Out of state control their losses no longer fell to taxpayers to meet. In the private sector they were more likely to be profitable so they would contribute more by way of business tax. The sale itself would generate a one off capital receipt which appeared as negative public spending in government accounts. 

 

The performance of privatised industries usually improved substantially after sale. Managers were paid bigger bonuses for better results. Many employees became shareholders or were given bonuses to align their interests with success of the company. 

 

As the state privatised it could introduce competition into monopoly services. Competition is the best regulator. As many critics of privatisation feared bad conduct once in private ownership the larger monopolistic businesses also could be given industry  specific regulators to preserve services or features people claimed to value. 

 

The battle of ideas in the 1970 s

 

Most establishment and academic opinion in the 1970s believed the great nationalisations of the mid century were the right way to proceed. There was little analysis of them as trading businesses and an unwillingness to contrast  them with private enterprise  comparators in the USA. I sought with the CPS and others to set out just what had gone wrong and how the state,the employees and the customers were suffering.

Our steel industry had attracted large public investment to put in five big modern integrated plants only to spend the 1970 s and 1980 s seeking customers to justify the large potential  production. Political debate was all about progressive closures under Labour and Conservatives. 

Our telecoms industry was still putting in electro mechanical switching from a British produced system  the telecoms monopoly wanted which did not sell abroad. The US was well advanced with electronic switching. 
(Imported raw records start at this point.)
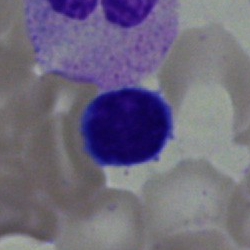 Morphological class: typical lymphocyte.
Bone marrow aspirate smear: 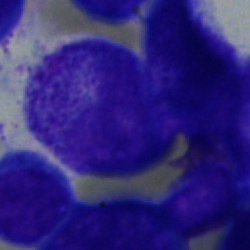The cell shown is a myelocyte.
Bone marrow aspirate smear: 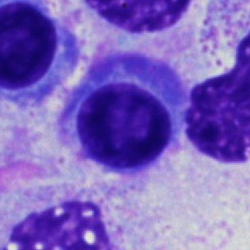
{"cell_type": "plasmacyte", "lineage": "lymphoid"}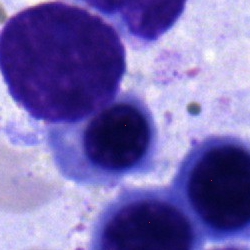
Impression — normoblast.
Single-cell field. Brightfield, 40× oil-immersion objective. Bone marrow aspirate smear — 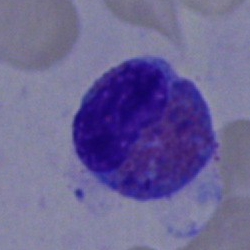This is an eosinophilic granulocyte.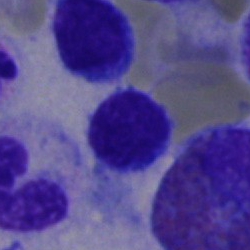Impression → typical lymphocyte.
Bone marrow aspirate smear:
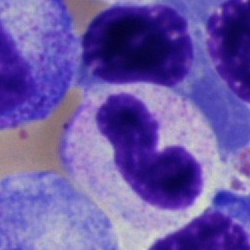Showing a neutrophil (band).
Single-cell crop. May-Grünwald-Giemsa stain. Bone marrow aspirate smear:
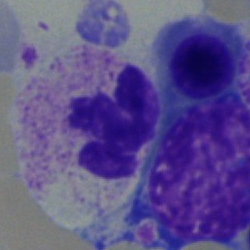 Cell = polymorphonuclear neutrophil.
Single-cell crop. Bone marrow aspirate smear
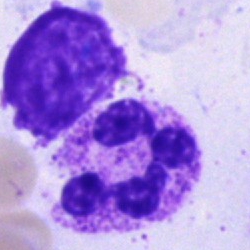

Showing a neutrophil (segmented).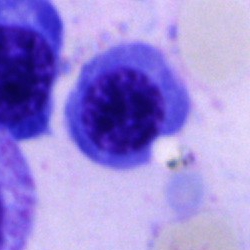

Q: Identify the cell.
A: It is an erythroblast.
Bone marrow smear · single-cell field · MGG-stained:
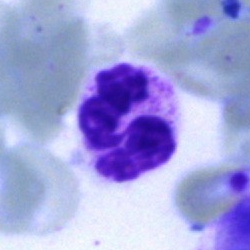

The cell shown is a neutrophil (segmented).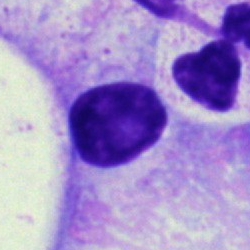
{"cell_type": "monocyte"}
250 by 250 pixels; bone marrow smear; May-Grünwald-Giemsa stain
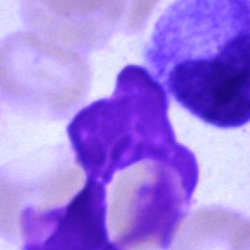

An artifact.
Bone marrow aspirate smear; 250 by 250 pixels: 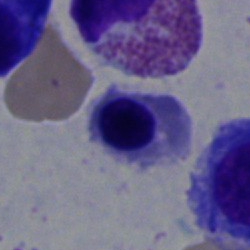 Single cell identified as an erythroblast.
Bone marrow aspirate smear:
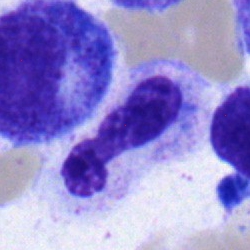

A segmented neutrophil.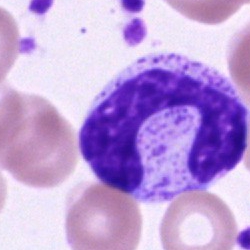

Specimen: bone marrow smear.
Cell type: band-form neutrophil.
Lineage: myeloid.
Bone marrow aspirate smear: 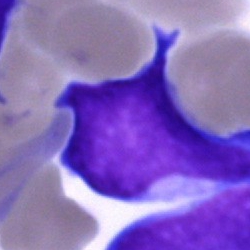 Q: What is shown here?
A: This is a blast.
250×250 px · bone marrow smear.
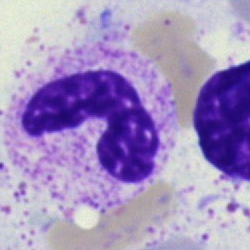The morphological class is polymorphonuclear neutrophil.
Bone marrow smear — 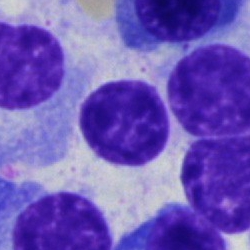
Specimen: bone marrow smear.
Cell type: typical lymphocyte.

The water industry had a network of ageing pipes for a smaller Victorian population. It could not get the large sums needed to expand and renew its networks. 

The electricity industry depended heavily on coal power stations that posed air plllution issues and were only 32% thermally efficient.The rail industry was in retreat, losing much of its freight business as well as experiencing declining passenger travel. The coal industry was constantly closing puts claiming they were no longer economic. With the advent of North Sea gas it lost market share rapidly. 

All this needed explaining to counter the nationalisation bias and optimism. The nationalisers where they did accept problems usually blamed a shortage of subsidy and investment money from the government. It was remarked at the time we did not own the nationalised industries, they controlled us. The Chairmen were in a powerful position to demand the state covered their losses as they could threaten cuts or big price rises in crucial services.  Most  were not in a strong enough position with clear enough plans to implement large scale modernisation investment.  

By 1979 the CPS  had plans a plenty to sell assets, spin off businesses, privatise whole concerns, introduce competition and raise expectations. I produced a grid of all the nationalised industries, setting out their financial results, their investment needs, the assets they could sell, the opportunities to sell all or part of the business, the way employee shareholdings could be introduced and the main issues a privatisation would arouse.